Pangeran Sabakingking mengetahui datangnya seseorang yang masuk ke Mesjidnya, dan dia bergegas menuju ke dalam. Alangkah kagetnya Pangeran Sabakingking saat ternyata dihadapannya adalah Syarif Hidayatullah, ayahnya. “Anakku. Kau telah membangun Mesjid ini dengan baik, Mesjid ini akan menjadi pusat penyebaran agama yang kubawa dan kau adalah pemimpinnya.  Mulai hari ini namamu adalah Hasanudin. Dan bangunlah Kesultanan di sini, syiarkan Islam kepada rakyatmu. Hasanudin pun membangun keraton di sekitar masjid yang dibangunnya, yang tidak berapa lama berdirilah keraton lengkap dengan singgasananya, untuk membantu penyebaran Islam di Banten, dan Syarif Hidayatullah memerintahkan rakyatnya untuk ikut membangun Banten. Berduyun-duyunlah rakyat Cirebon menuju Banten. Mereka disambut rakyat Banten dengan antusias, seakan-akan perbauran antara rakyat Cirebon dan penduduk asli itu seperti halnya perpaduan antara Muhajirin dan Anshor jaman Nabi Muhammad. Budaya dan bahasa yang hampir sama dengan Cirebon merupakan bukti otentik yang terwariskan hingga saat ini.

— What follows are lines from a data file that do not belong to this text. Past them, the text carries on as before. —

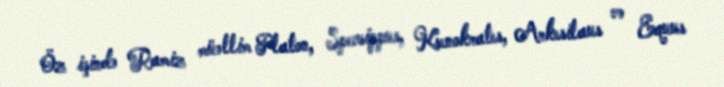
Öz işində Ramiz müəllim Platon, Spevsippus, Ksenokrates, Arkesilaus və Equus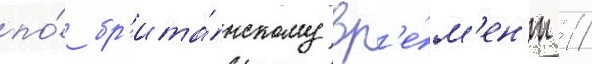
по́ бр'ита́нскому вр'е́м'ен'и 11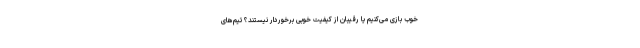
خوب بازی می‌کنیم یا رقیبان از کیفیت خوبی برخوردار نیستند؟ تیم‌های
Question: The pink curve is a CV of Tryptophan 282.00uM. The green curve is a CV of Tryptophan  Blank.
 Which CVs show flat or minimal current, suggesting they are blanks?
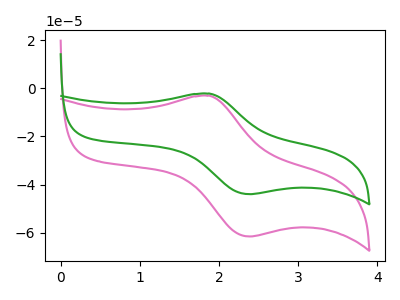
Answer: <think>The pink curve "Tryptophan 282.00uM" has an anodic peak at (1.90V, -3.10uA) and a cathodic peak at (2.40V, -61.50uA). The green curve "Tryptophan  Blank" has an anodic peak at (1.90V, -2.25uA) and a cathodic peak at (2.40V, -43.95uA).</think>
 <answer>There are not any CV's on this graph that are likely to be blanks.</answer>
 <eval>none</eval>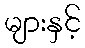
များနှင့်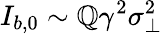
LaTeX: I_{b,0}\sim\mathbb{Q}\gamma^{2}\sigma_{\perp}^{2}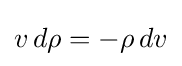
v\,d\rho =-\rho \,dv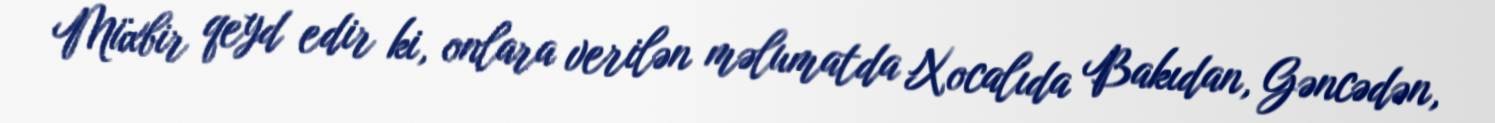
Müxbir qeyd edir ki, onlara verilən məlumatda Xocalıda Bakıdan, Gəncədən,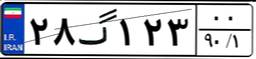
۲۸گ۱۲۳۰۰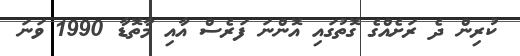
ކުރިން ދެ ރަށެއްގެ ގޮތުގައި އޮންނަ ފަރެސް އާއި މާތޮޑާ 1990 ވަނަ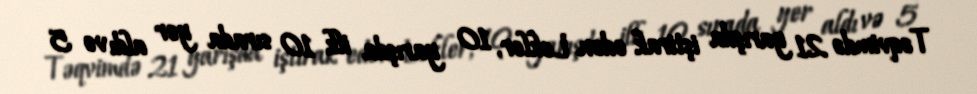
Təqvimdə 21 yarışda iştirak edən Lekler, 10 yarışda ilk 10 sırada yer aldı və 5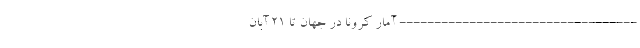
---------------------------------- آمار کرونا در جهان تا ۲۱ آبان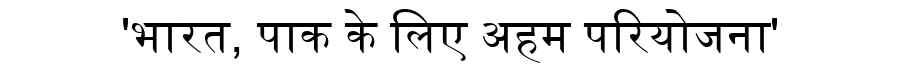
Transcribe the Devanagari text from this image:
'भारत, पाक के लिए अहम परियोजना'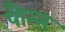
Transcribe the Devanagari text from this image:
पौम्स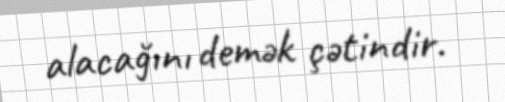
alacağını demək çətindir.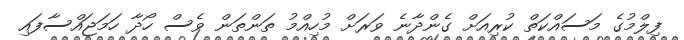
ފިލްމުގެ މަސައްކަތް ކުރިއަށް ގެންދާނެ ވަރަށް މުހިއްމު ތަންތަން ވެސް ހޯދާ ހަމަޖައްސާފައި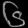
Digit: ၆

Sementara itu, Padjajaran setelah mangkatnya prabu Siliwangi pecah menjadi jadi dua kerajaan yaitu Kerajaan Pakuan dan Kerajaan Galuh. Kerajaan Pakuan di berikan kepada cucunya Ratu Dewata yang merupakan putri Raden Surawisesa yang dikenal dengan Pangeran Walangsungsang, salah seorang putra Prabu Siliwangi. Keinginan Kesultanan Cirebon untuk mengislamkan seluruh Kerajaan Padjajaran didukung penuh oleh Maulana Hasanudin, yang juga dibantu oleh putra mahkota yaitu Sultan Maulana Yusuf, yang merupakan hasil pernikahan Maulana Hasanudin dengan Ratu Ayu Kirana, Putri Sultan Trenggono dari Kesultanan Demak. Selain Maulana Yusuf, Maulana Hasanudin memiliki putri bernama Ratu Pembayun yang menikah dengan Tubagus Angke putra Ki Mas Wisesa Adimarta dimana Tubagus Angke merupakan panglima perang Banten yang nantinya memiliki putra bernama Pangeran Jayakarta, yang kelak menjadi pajabat Kesultanan Banten di Jakarta, di mana nama Jakarta diambil dari namanya. (*) 


1 komentar:

  1. Legenda pertemuan Kean Santang ini mungkin terlebih sebagai metafora simbolisme mistis. Karena masa hidup Kean Santang berbeda jauh hampir 7 abad selisihnya.